Wednesday, June 08, 2005

Dear Diary

I have been silent for a while. I should first note that summer weather has finally arrived in Atlanta. It makes me happy. The change in the weather coincided with my starting my new job. Another good thing. But, as always, there is a catch. I haven't actually been given this new job yet. I am assured that this will happen any day now, but I've been hearing that for weeks. I thought for sure that it would happen before I was set to begin my new schedule, but no such luck. I am now finishing my first week with my new hours and I will have Friday and Saturday off. Both of them. In a row. I know some of you take such things for granted but it will be my first honest to God two day weekend in almost two years. This is very exciting. I'm sure that before long I too will take it for granted and come to think that I am somehow entitled to it, but right now it seems wonderfully decadent.

Things have been a bit slow otherwise. This is partly dictated by finances. The money from teaching has gone away and the extra money that the new position brings with it has gotten clogged in the bowels of the bureaucracy here. So I haven't exactly been living it up as of late. That said, we did have a pretty good party at our moldy pad last weekend. Attendees consumed an entire keg of PBR, and since I felt I should be a good host, I matched them with a bottle of Jameson. A good time was had.

Mostly I've been reading and composing and renting DVDs. I watched the fourth season of The Sopranos in anticipation of the release of the fifth season. I checked out Six Feet Under as so many people had said that I would really like it. Me? Death? What? I watched the pilot and thought it was shamefully bad. Second episode not much better, but by the third episode I thought it was beginning to find its way. However, I didn't feel compelled to invest ten more hours in it. So I switched to Deadwood. No complaints there. Good stuff. Well written and compelling. Perhaps I just prefer my soap operas with gritty historical detail.

I've finished two songs, the first of which is an instrumental and a companion of sorts to a piece I mostly wrote fifteen years ago and then tinkered with for a decade or so. The second is about finished but needs lyrics and those almost always come last for me. When they come at all--I mostly write instrumental stuff. I knew these couple of tunes were pretty good when I kept hearing them in my head and thinking "what the hell is that? that's pretty cool" before realizing it was what I'd been working on. I received a confirmation of sorts when my roomie told his buddy at the party that the stuff I'd been writing sounded like "strange circus music."

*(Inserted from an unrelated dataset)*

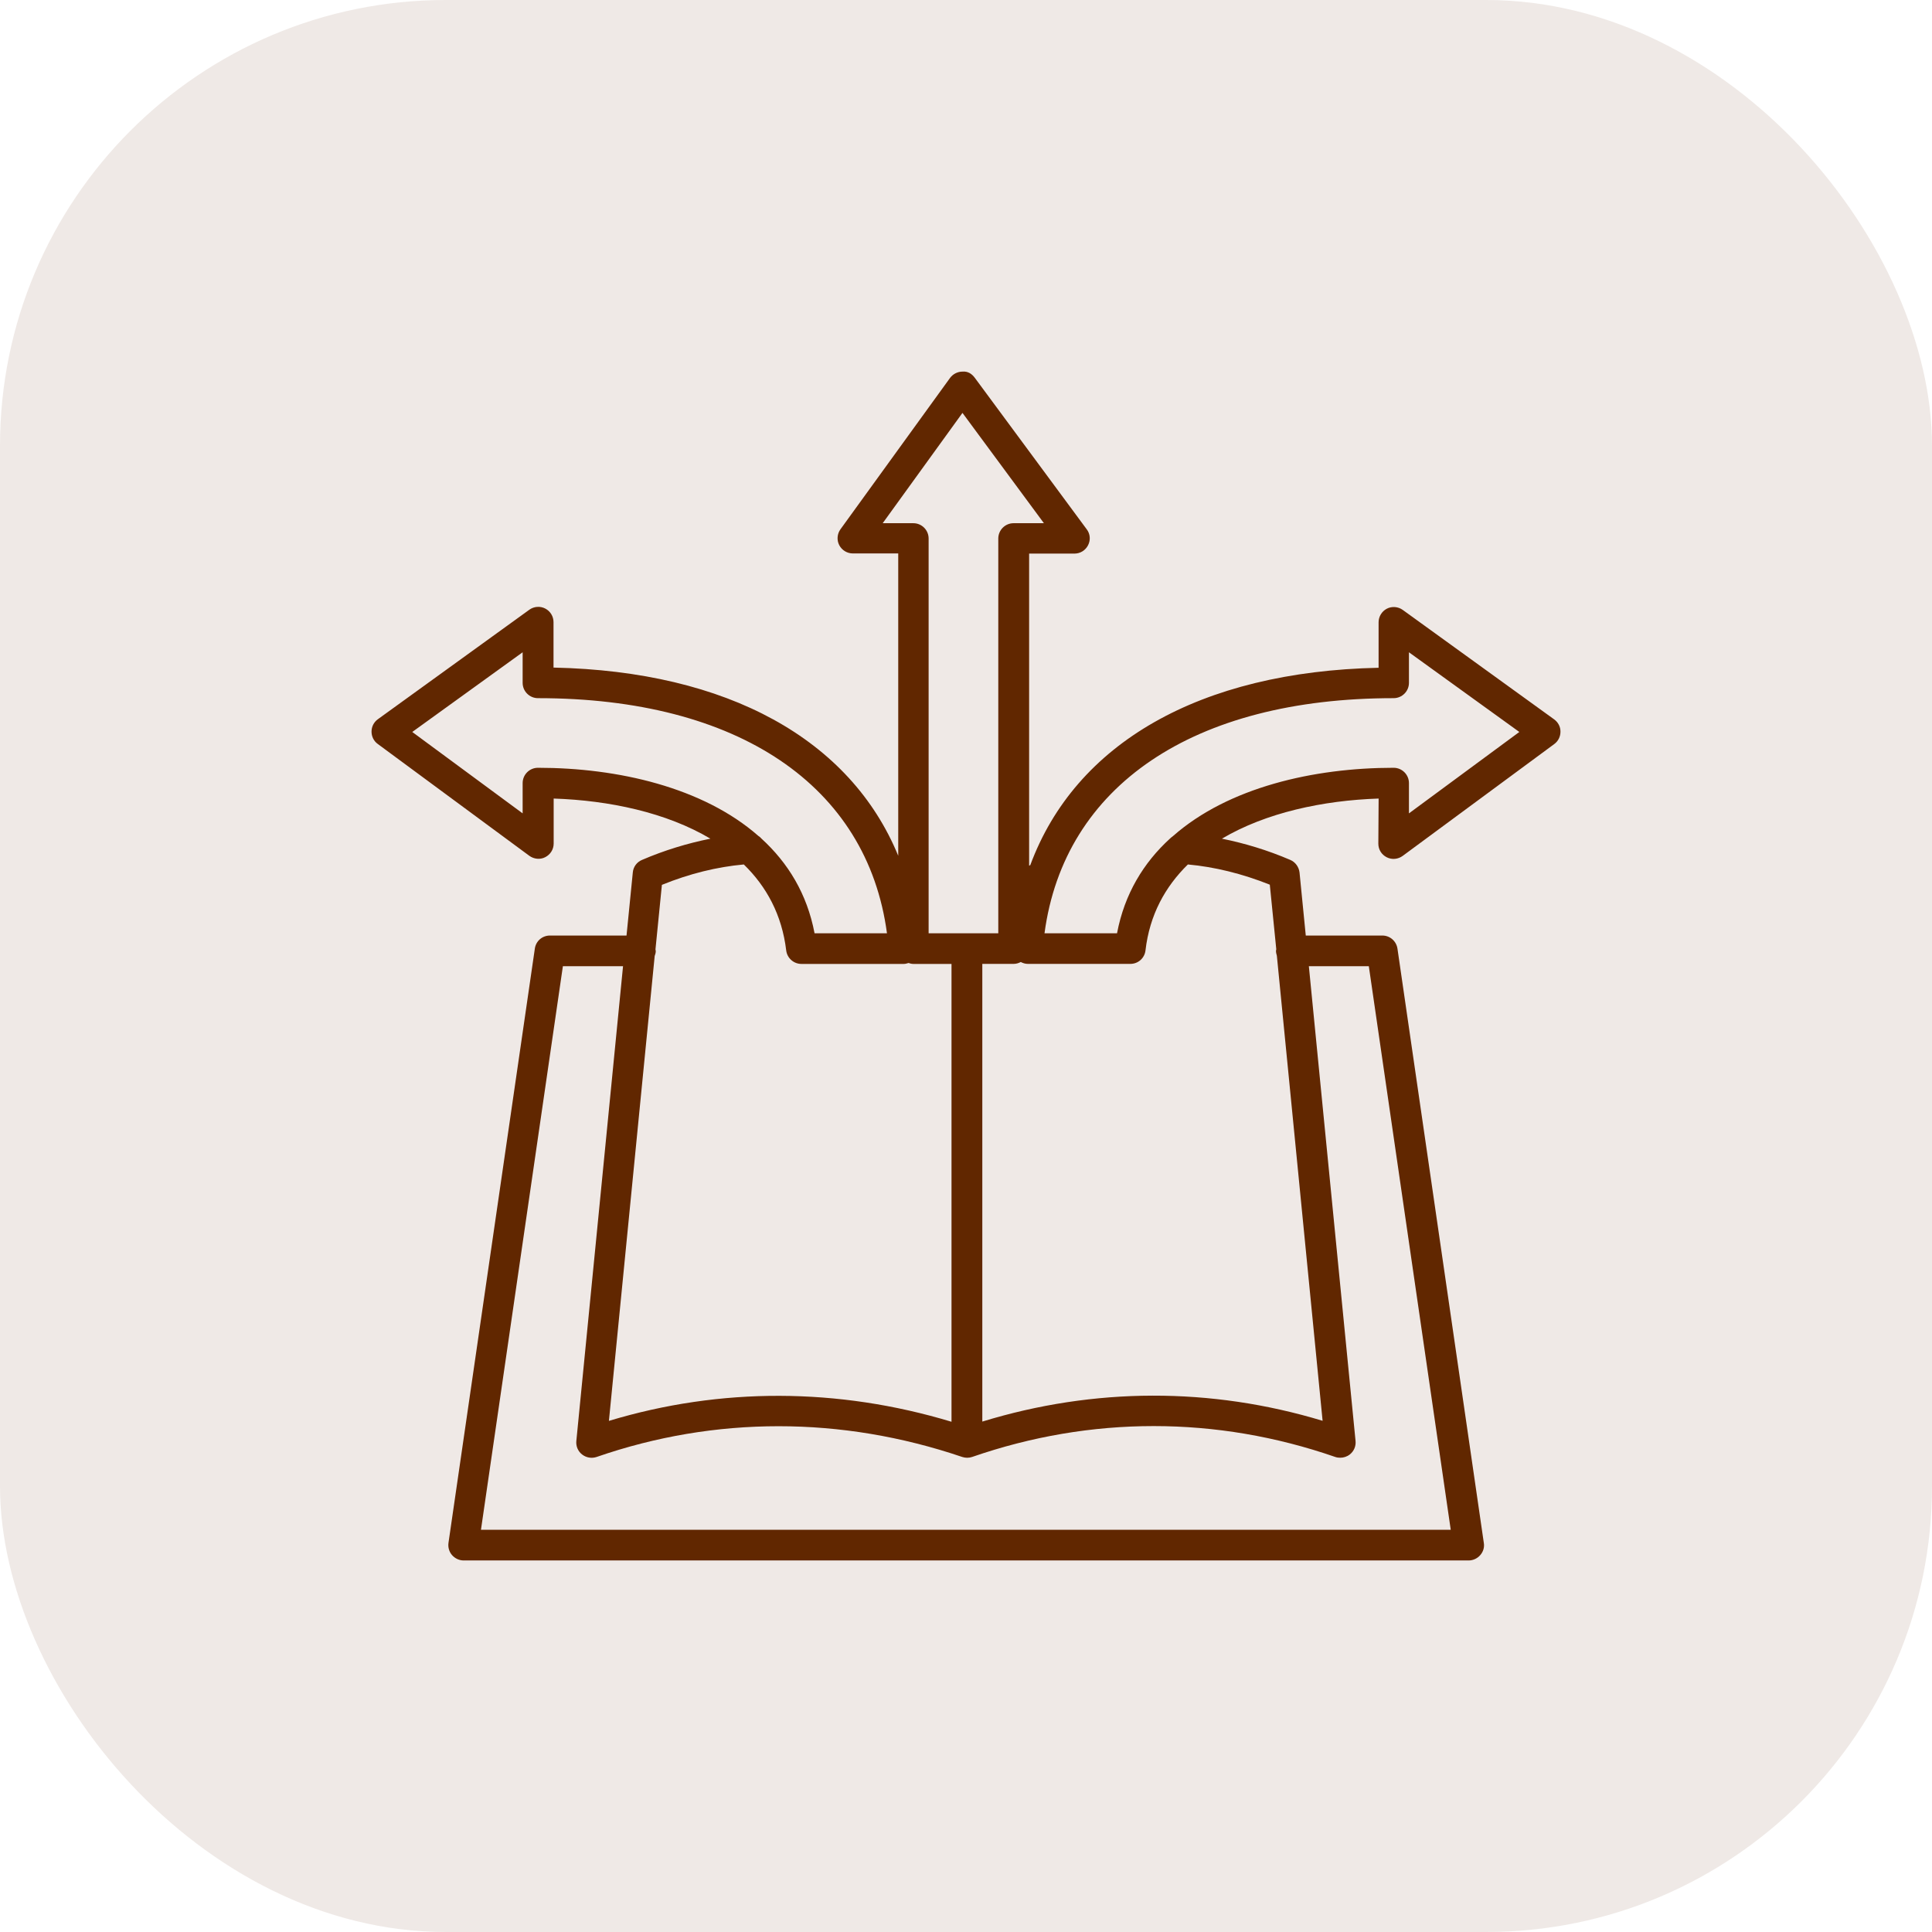 <svg width="52" height="52" viewBox="0 0 52 52" fill="none" xmlns="http://www.w3.org/2000/svg">
<rect width="52" height="52" rx="12" fill="#612700" fill-opacity="0.1"/>
<path d="M41.833 19.364L37.755 16.416C37.631 16.326 37.462 16.313 37.327 16.383C37.192 16.454 37.105 16.594 37.105 16.75V17.973C32.285 18.076 28.943 20.01 27.731 23.283C27.718 23.291 27.71 23.296 27.699 23.299V14.9H28.919C29.075 14.9 29.215 14.814 29.286 14.674C29.357 14.534 29.344 14.37 29.249 14.246L26.238 10.17C26.159 10.063 26.053 9.989 25.905 10.002C25.773 10.002 25.649 10.067 25.572 10.17L22.621 14.246C22.531 14.37 22.518 14.539 22.589 14.674C22.66 14.809 22.8 14.896 22.956 14.896H24.176V23.033C22.89 19.907 19.594 18.067 14.898 17.968V16.745C14.898 16.589 14.811 16.449 14.675 16.379C14.54 16.308 14.371 16.321 14.247 16.411L10.169 19.359C10.061 19.438 10 19.56 10 19.692C10 19.824 10.061 19.948 10.169 20.025L14.247 23.034C14.371 23.124 14.54 23.142 14.675 23.071C14.815 23 14.902 22.86 14.902 22.704V21.493C16.398 21.543 17.934 21.868 19.121 22.573C18.511 22.696 17.892 22.881 17.279 23.145C17.139 23.203 17.044 23.335 17.032 23.483L16.863 25.18H14.802C14.596 25.18 14.423 25.328 14.395 25.534L12.071 41.526C12.055 41.645 12.087 41.764 12.166 41.855C12.245 41.945 12.359 42 12.48 42H39.528C39.647 42 39.763 41.947 39.842 41.855C39.921 41.765 39.958 41.645 39.937 41.526L37.613 25.534C37.584 25.332 37.412 25.18 37.206 25.18H35.145L34.977 23.483C34.96 23.335 34.865 23.203 34.729 23.145C34.115 22.881 33.497 22.696 32.888 22.573C34.07 21.873 35.607 21.543 37.106 21.493L37.098 22.708C37.098 22.864 37.184 23.003 37.325 23.074C37.465 23.145 37.629 23.127 37.753 23.037L41.831 20.028C41.939 19.949 42 19.827 42 19.695C42.002 19.562 41.939 19.443 41.833 19.364L41.833 19.364ZM23.758 14.082L25.905 11.113L28.097 14.082H27.281C27.054 14.082 26.869 14.267 26.869 14.494V25.12H24.994V14.494C24.994 14.267 24.809 14.082 24.582 14.082H23.758ZM14.479 20.665C14.252 20.665 14.067 20.85 14.067 21.077V21.892L11.096 19.701L14.067 17.556V18.379C14.067 18.606 14.252 18.791 14.479 18.791C19.867 18.791 23.342 21.146 23.873 25.12H21.924C21.723 24.058 21.208 23.222 20.495 22.571C20.471 22.542 20.442 22.518 20.413 22.5C18.924 21.192 16.626 20.665 14.479 20.665ZM20.02 23.267C20.63 23.861 21.046 24.622 21.161 25.582C21.186 25.788 21.363 25.944 21.569 25.944H24.329C24.371 25.944 24.411 25.931 24.453 25.919C24.494 25.932 24.535 25.944 24.58 25.944H25.61V38.267C22.557 37.345 19.393 37.336 16.389 38.243L17.621 25.73C17.637 25.688 17.65 25.643 17.65 25.598C17.65 25.582 17.642 25.569 17.642 25.553L17.815 23.816C18.557 23.515 19.294 23.333 20.02 23.267ZM36.842 26.006L39.047 41.175H12.945L15.15 26.006H16.769L15.512 38.786C15.499 38.926 15.557 39.063 15.668 39.148C15.779 39.235 15.927 39.259 16.059 39.214C19.244 38.111 22.647 38.111 25.898 39.214C25.985 39.243 26.08 39.243 26.165 39.214C29.363 38.106 32.741 38.106 35.938 39.214C35.983 39.23 36.028 39.235 36.073 39.235C36.163 39.235 36.255 39.206 36.329 39.148C36.44 39.061 36.498 38.926 36.485 38.786L35.228 26.006H36.842ZM34.177 23.811L34.351 25.548C34.351 25.564 34.343 25.577 34.343 25.593C34.343 25.638 34.355 25.683 34.367 25.725L35.598 38.241C32.59 37.331 29.447 37.339 26.439 38.262V25.943H27.284C27.355 25.943 27.416 25.922 27.474 25.893C27.532 25.922 27.593 25.943 27.664 25.943H30.424C30.635 25.943 30.807 25.787 30.831 25.581C30.942 24.623 31.362 23.864 31.972 23.267C32.695 23.333 33.432 23.515 34.177 23.811ZM37.922 21.892V21.077C37.922 20.85 37.737 20.665 37.51 20.665C35.36 20.665 33.06 21.192 31.573 22.502C31.544 22.523 31.52 22.543 31.494 22.567C30.781 23.217 30.266 24.058 30.065 25.12H28.113C28.644 21.147 32.122 18.791 37.51 18.791C37.737 18.791 37.922 18.606 37.922 18.379V17.556L40.893 19.701L37.922 21.892Z" fill="#612700"/>
</svg>

I've been reading some Joseph Mitchell again: Old Mr. Flood and The Bottom of the Harbor. I think I can say at this point that he is one of my very favorite writers. I finished Jonathan Lethem's Motherless Brooklyn and enjoyed it a great deal. The unfolding whodunit narrative is fine, but it's the wordplay inspired by the main character, Lionel, who suffers from Tourette's, that makes the book a pleasure. I may check out his other stuff, Fortress of Solitude in particular, soon. Before Lethem I was on a bit of a Steinbeck kick: read The Wayward Bus and reread Tortilla Flats and Cannery Row, two of my favorite books. I started The Grapes of Wrath and set it aside. I like Steinbeck best when his books are small, modest, intimate and a bit drunk. I'm still casting about for what to read next. Any suggestions?